Because OHH was already a PATROL customer, Stinson says he was intrigued by BMC’s new Analytics offering. After he saw a demo, Stinson confirms, he came away thinking that PATROL Analytics was like “a present from God.”
Since then, PATROL Analytics has more than delivered the goods, as far as Stinson is concerned. “It gives me one screen to look at what’s going on, as far as current alarms, current utilization, [and] what have you. On Monday morning, I’ll look at one of our thousands of ops jobs, and I can see what the trend is,” he explains. “Maybe some ops jobs aren’t running, maybe we didn’t get the reports—either way, I can look at one chart that at 2:00 on Tuesday morning, see that this happens every Tuesday morning, and I don’t get an alarm for it.”
In a few cases, Stinson says, PATROL Analytics helped his organization troubleshoot long-standing performance issues. “Over time, we find out what’s acceptable, and we expect it.

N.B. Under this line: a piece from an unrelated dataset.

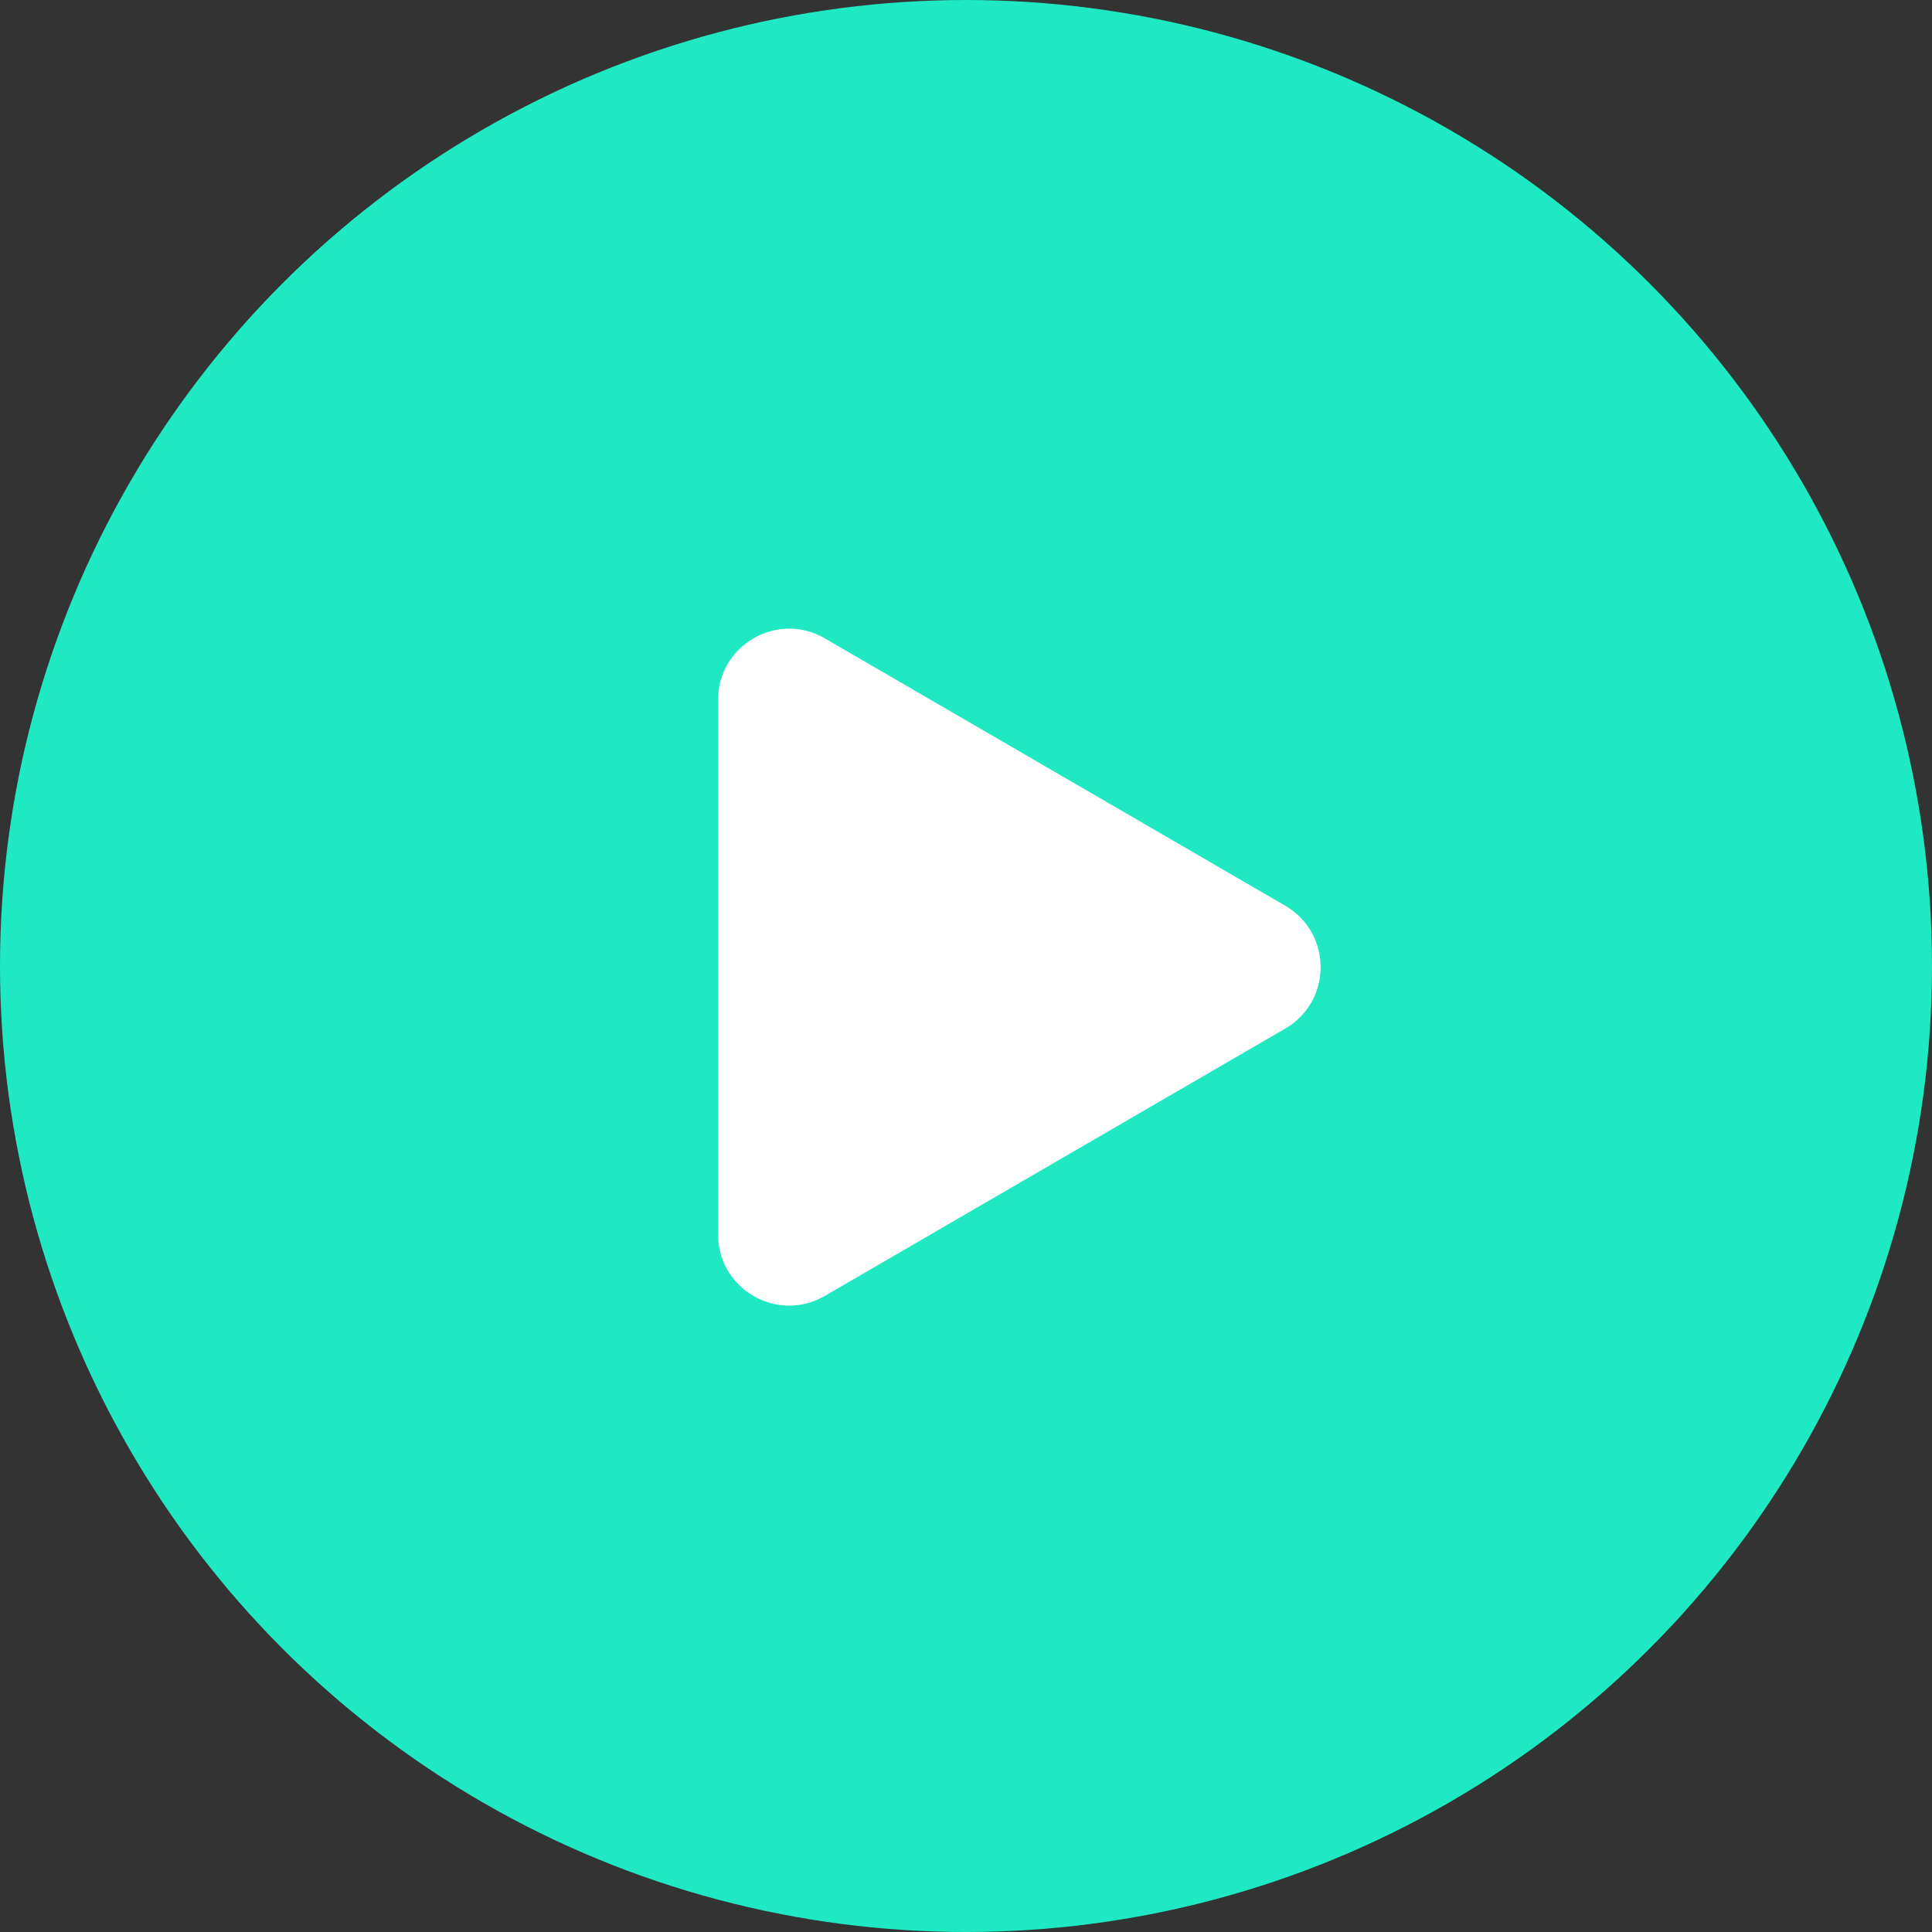 <?xml version="1.0" encoding="UTF-8"?> <svg xmlns="http://www.w3.org/2000/svg" width="400" height="400" viewBox="0 0 400 400" fill="none"><rect x="0" y="0" width="400" height="400" fill="#333333" stroke="none"/> <circle cx="200" cy="200" r="200" fill="#1EE9C3"></circle> <g clip-path="url(#clip0_143_9062)"> <path d="M266.093 187.516C275.858 193.186 275.858 207.288 266.093 212.957L170.764 268.31C160.958 274.004 148.668 266.929 148.668 255.589L148.668 144.884C148.668 133.544 160.957 126.469 170.764 132.163L266.093 187.516Z" fill="white"></path> </g> <defs> <clipPath id="clip0_143_9062"> <rect width="44" height="44" fill="white" transform="translate(112 112) scale(4)"></rect> </clipPath> </defs> </svg>

Then we can start moving jobs around within the system to adapt to that,” he says. “We’re monitoring 20 jobs that are important to us, and they all seem to have problems around the same time. We found out that there is an Oracle archive job that happens at the same time, so guess what? We moved it to off-peak hours, and the problem was solved.”
BMC claims that most customers will realize an ROI on PATROL Analytics within the first three months. While Stinson stresses that OHH hasn’t commissioned an ROI study per se, he believes PATROL Analytics more or less paid for itself within about two months. “I think this would be the case for just about anybody. It depends on how long [PATROL Analytics] takes to learn [about your environment], and figure out what is trusted or not,” he confirms. “As for ROI, My time is the biggest cost savings, because I’m not that cheap. But you can’t put a cost on patient care. I’m now able to dedicate my time more toward pro-active improvement of things for the doctors and patients here than fire-fighting.”
For PATROL customers, Stinson argues, BMC’s new Analytics offering is a no-brainer: “There’s really no other product like it, and—because of what you get back from it—it should be very affordable for their IT budget.”
PATROL Analytics is a new offering, however, and there’s at least a couple of things Stinson would like to see changed—although, he stresses, these are mostly minor, cosmetic issues.
“I believe there were a few minor improvements that they could’ve made to it, graphical things, mostly just font issues,” he suggests.
Stephen Swoyer is a Nashville, TN-based freelance journalist who writes about technology.